Combining all these feedstocks into one recipe yields 5 parts “greens” (shredded cannabis leaves and grass clippings) to 3 parts “browns” (shredded stems or wood chips).  Compost Calc predicts a resulting recipe with a C:N ratio of 30:1 and a moisture content of 63%.  Bulk density remains the same at 500 lbs/cy. In this case, the non-cannabis waste does not appreciably change the characteristics of the recipe. In addition, Small amounts of grow media added to this recipe would not appreciably change the key composting parameters.

Example #2. Processed Flower/Bud Residuals

This next example starts with cannabis processing residuals. These flower/bud/leaf process residuals typically have a consistency of sawdust or crumbly cereal with high nitrogen, but low moisture content and low porosity.  To build an effective compost recipe, we will need to balance these feedstocks by increasing moisture content, carbon and porosity.

Adding moisture to this very dry feedstock can be tricky in the same way it can be difficult to add water to very dry soil.  The dry feedstock can be hydrophobic and actually resist the addition of water. One strategy is to combine this finely ground flower/bud waste with a feedstock that already has a high integral moisture content, such as shredded green waste or food scraps.  Another trick would be to soak wood chips in water prior to blending with the cannabis waste in order to add the moisture integral to the bulking agent rather than adding the water separately.

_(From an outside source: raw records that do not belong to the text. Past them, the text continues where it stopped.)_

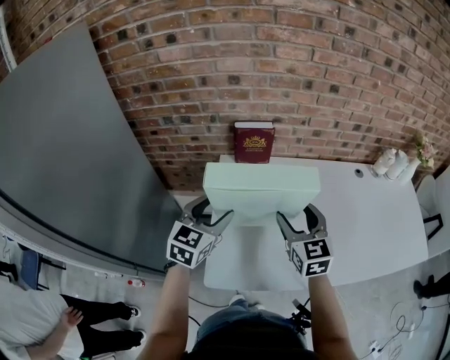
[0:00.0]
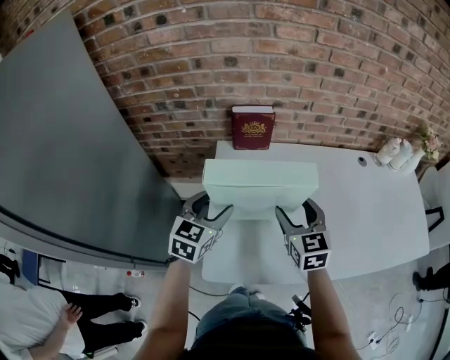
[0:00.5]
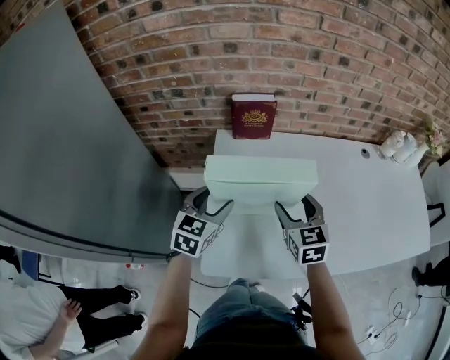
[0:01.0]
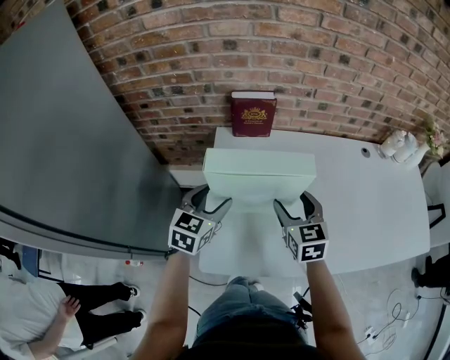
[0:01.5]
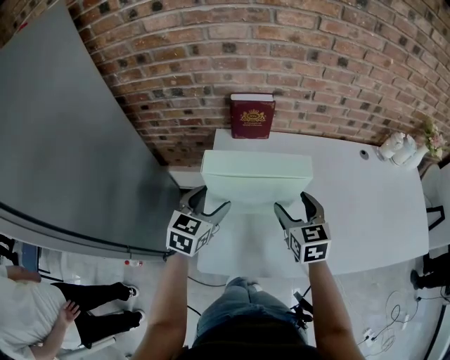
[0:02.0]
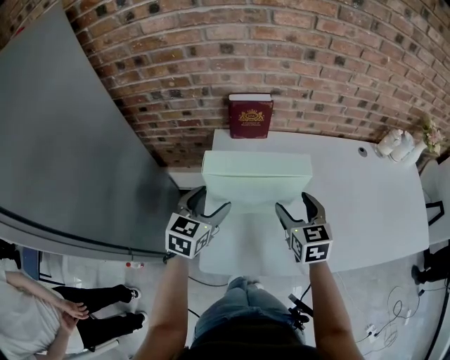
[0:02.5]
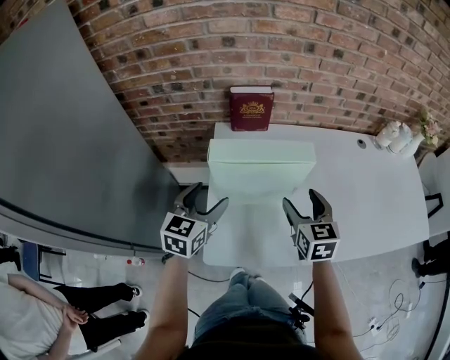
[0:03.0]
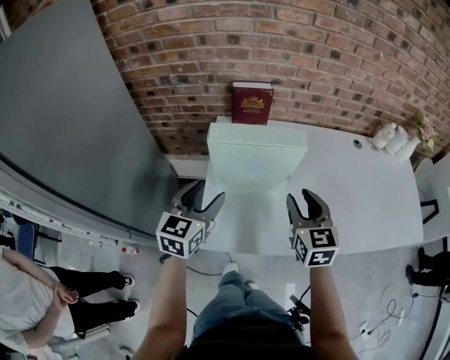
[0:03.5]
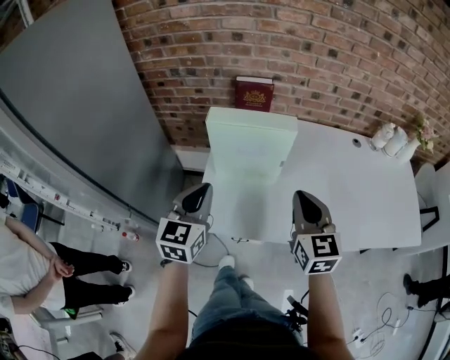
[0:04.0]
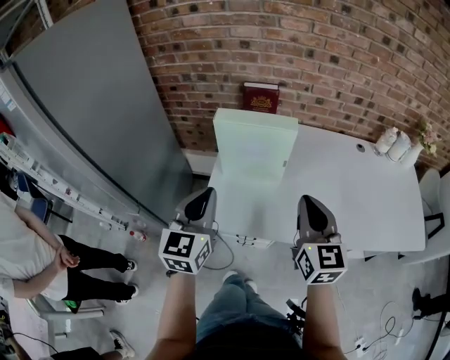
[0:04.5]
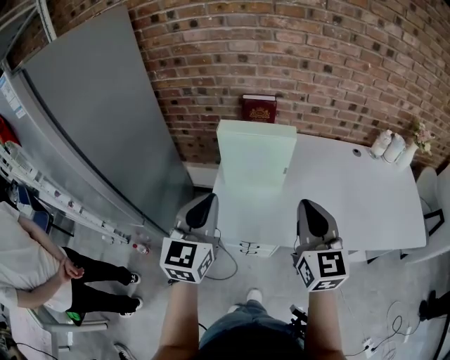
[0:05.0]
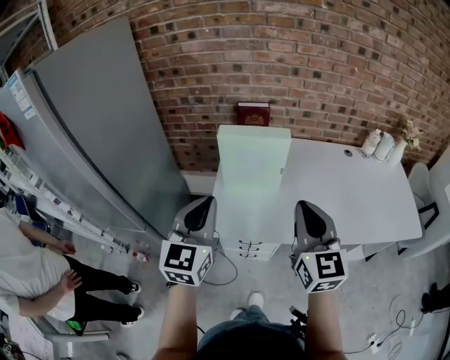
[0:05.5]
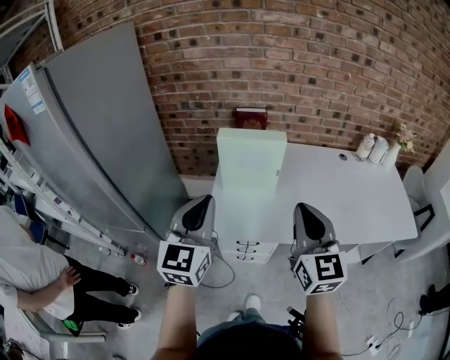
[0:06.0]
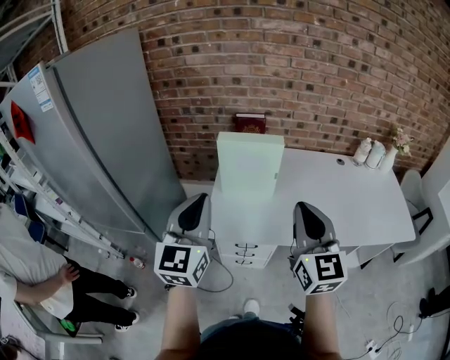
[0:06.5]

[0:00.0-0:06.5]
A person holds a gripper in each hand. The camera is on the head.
0:00.0 to 0:02.0: Both grippers travel together downward, some 10 cm.
0:02.0 to 0:04.5: Both grippers travel together backward and upward, approximately 25 cm. The right gripper closes up, while the left gripper turns by roughly 30 degrees, and closes up.
0:04.5 to 0:06.5: The left gripper heads upward and backward, covering roughly 15 cm. The right gripper shifts approximately 15 cm backward and upward.

Processed flower/bud residuals being composted in a GMT Earth Flow vessel at ENSO in Oklahoma. Photo courtesy of GMT

Here is an example of an effective compost recipe by volume for this flower/bud residual: 1 to 2 parts shredded green waste and/or wet (soaked) wood chips and 1 part flower/bud crumble/dust. The green waste (or wet wood chip) provides the porosity and moisture content needed to balance the fine texture and lower moisture content of the flower/bud residual.  This also satisfies the 50%-50% requirement for non-cannabis waste while providing an effective hot composting recipe.

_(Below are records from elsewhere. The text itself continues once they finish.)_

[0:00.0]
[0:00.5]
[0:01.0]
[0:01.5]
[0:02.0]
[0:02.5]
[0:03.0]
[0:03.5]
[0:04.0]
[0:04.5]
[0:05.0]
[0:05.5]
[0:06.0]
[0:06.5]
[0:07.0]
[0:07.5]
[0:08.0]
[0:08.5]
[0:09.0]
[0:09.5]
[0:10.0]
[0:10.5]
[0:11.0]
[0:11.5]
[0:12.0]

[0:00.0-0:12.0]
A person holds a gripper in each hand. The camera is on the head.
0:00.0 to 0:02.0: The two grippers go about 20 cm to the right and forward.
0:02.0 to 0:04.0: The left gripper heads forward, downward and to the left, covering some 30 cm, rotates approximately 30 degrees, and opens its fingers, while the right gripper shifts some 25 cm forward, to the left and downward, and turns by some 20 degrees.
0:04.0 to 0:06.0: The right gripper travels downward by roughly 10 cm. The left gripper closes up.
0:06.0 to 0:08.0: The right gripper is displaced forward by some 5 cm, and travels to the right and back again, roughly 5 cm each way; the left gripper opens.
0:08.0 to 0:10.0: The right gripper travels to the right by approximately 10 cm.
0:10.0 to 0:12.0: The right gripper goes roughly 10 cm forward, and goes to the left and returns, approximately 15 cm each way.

Building an effective composting recipe for cannabis feedstocks starts with closely examining the nature of the cannabis feedstocks available for composting. Next is to provide complementary feedstocks to meet regulatory requirements and balance moisture, porosity and C:N ratio. Once in the windrow, aerated static pile or vessel, these cannabis-based recipes should be composted according to best composting management practices to achieve satisfactory results.

Van Calvez, a Composting Systems Designer and Engineer with Green Mountain Technologies (GMT), specializes in in-vessel composting systems for organizations and communities.